Offrendo allora riprova di quanto tutt'altro che ingenerose fossero state le osservazioni appena espresse in critica a tali malconci veicoli, la moto, in tal modo eletta dal primo ufficiale della Kasta Hamina qual proprio estemporaneo trasporto, non si sollevò dal suolo con la stessa silenziosa discrezione che aveva altrimenti caratterizzato l'arrivo del più esteso mezzo proprio dei dodici aggressori nero vestiti nel cortile della dimora di Beri: se, infatti, quest'ultimo era stato capace di giungere sopra le loro teste senza porre in allarme i pur estremamente allenati sensi della stessa Midda Bontor, la scelta di Duva produsse al contrario un frastuono quasi assordante, uno stridio tale da far pensare a un animale selvaggiamente squartato e smembrato ancora in piena coscienza di sé, che non promise nulla di buono per la riuscita di quel volo. Ciò nonostante, fortunatamente per la medesima pilota, essa sembrò riuscire a mantenersi sufficientemente coesa nella propria struttura, al punto tale da permettere addirittura ai tre dischi magnetici posti alla propria base, alle estremità di un ipotetico triangolo equilatero, di creare campo sufficiente a innalzare l'intera moto per diversi piedi dal terreno sabbioso sulla quale era rimasta sino a quel momento a riposo.
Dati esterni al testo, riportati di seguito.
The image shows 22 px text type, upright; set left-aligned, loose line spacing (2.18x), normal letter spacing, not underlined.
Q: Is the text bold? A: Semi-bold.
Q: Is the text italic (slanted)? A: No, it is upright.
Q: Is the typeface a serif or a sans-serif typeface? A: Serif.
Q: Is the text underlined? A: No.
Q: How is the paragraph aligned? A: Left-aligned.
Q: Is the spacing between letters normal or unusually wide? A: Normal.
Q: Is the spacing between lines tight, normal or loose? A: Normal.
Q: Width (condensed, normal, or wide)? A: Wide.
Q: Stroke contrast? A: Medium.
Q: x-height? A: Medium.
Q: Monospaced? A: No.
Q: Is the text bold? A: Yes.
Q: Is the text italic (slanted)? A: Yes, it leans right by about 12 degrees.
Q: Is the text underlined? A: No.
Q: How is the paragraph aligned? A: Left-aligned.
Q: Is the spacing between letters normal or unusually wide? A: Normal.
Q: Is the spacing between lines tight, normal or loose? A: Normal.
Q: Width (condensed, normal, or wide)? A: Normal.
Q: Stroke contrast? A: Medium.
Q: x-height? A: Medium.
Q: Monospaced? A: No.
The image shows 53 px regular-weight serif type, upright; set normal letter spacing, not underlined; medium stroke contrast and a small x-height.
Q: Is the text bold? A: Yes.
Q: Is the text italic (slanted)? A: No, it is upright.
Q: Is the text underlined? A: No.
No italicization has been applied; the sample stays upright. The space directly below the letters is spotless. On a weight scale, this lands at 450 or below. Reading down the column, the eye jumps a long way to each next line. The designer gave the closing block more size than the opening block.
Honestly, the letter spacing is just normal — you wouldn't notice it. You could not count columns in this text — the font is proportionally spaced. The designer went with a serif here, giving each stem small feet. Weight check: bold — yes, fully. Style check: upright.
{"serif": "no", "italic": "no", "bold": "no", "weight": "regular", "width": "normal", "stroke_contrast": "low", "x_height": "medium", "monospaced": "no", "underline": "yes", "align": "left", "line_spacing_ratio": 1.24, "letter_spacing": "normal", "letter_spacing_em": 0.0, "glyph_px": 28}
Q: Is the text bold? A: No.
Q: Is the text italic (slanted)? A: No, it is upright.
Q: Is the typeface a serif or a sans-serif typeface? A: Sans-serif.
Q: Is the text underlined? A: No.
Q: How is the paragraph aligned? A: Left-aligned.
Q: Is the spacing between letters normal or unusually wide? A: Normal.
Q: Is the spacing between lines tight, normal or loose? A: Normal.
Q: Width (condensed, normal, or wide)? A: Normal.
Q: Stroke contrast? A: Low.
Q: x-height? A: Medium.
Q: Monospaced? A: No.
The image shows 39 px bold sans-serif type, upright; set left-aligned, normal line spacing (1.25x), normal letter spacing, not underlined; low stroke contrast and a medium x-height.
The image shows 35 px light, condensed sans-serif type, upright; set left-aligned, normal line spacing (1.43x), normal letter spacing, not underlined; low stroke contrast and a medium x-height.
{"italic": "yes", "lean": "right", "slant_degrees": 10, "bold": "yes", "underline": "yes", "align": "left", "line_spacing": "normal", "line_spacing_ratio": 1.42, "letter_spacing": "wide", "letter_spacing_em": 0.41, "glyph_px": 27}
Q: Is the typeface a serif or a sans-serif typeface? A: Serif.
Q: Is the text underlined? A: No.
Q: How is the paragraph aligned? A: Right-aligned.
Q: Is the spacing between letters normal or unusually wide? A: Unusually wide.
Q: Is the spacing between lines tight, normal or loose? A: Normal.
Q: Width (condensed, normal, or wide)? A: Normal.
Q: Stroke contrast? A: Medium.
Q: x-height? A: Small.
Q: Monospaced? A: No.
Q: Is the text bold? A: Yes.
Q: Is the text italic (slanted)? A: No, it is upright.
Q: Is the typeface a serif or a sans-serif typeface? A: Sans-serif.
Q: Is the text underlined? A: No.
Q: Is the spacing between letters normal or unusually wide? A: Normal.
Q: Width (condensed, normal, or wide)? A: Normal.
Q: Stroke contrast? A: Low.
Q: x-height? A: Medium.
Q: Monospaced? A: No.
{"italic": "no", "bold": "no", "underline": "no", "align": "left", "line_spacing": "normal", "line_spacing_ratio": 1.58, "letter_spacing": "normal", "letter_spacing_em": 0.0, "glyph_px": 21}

« Per volare… vola. » commentò la pilota, impegnandosi a non porre in dubbio la propria stessa scelta, dal momento in cui, in tal caso, non sarebbe riuscita a considerarsi sufficientemente folle da proseguire imperterrita nella medesima « Vediamo se riesce a muoversi anche in orizzontale, oltre che in verticale. »

In aiuto alla concentrazione di Duva, eccessivamente rivolta alla precaria integrità strutturale dei veicolo scelto, ancor prima che alle ragioni che l'avevano sospinta a compiere quella stessa folle decisione, occorse in quello stesso momento il boato di una vasta esplosione, in conseguenza della quale un intero magazzino venne letteralmente eliminato dal paesaggio proprio di quell'ex-insediamento minerario, ora divenuto un piccolo centro urbano sufficientemente colmo di vita e di attività umana. Nell'osservare, così, un'enorme e nera colonna di fumo levarsi verso il cielo poco lontano da sé, ella non poté concedersi ulteriori possibilità di indecisione nel merito della direzione verso la quale destinare il proprio interesse e, con esso, la propria intera persona, nel desiderio di meglio comprendere le ragioni alla base di quell'attacco, ancor prima che, semplicemente, contenerlo, qual pur, indubbiamente, si era già dimostrata essere la sua intenzione: una volontà sicuramente egoistica, in quanto conseguenza dell'esigenza di rimediare una nuova serie di iniettori funzionanti per la propria nave, e, ciò nonostante, non per questo meno che misericordiosa nei riguardi di coloro che, se tanta distruzione non fosse stata presto arginata, avrebbero potuto subire amare conseguenze, nel dover pagare un prezzo eccessivamente alto per tanta tragedia.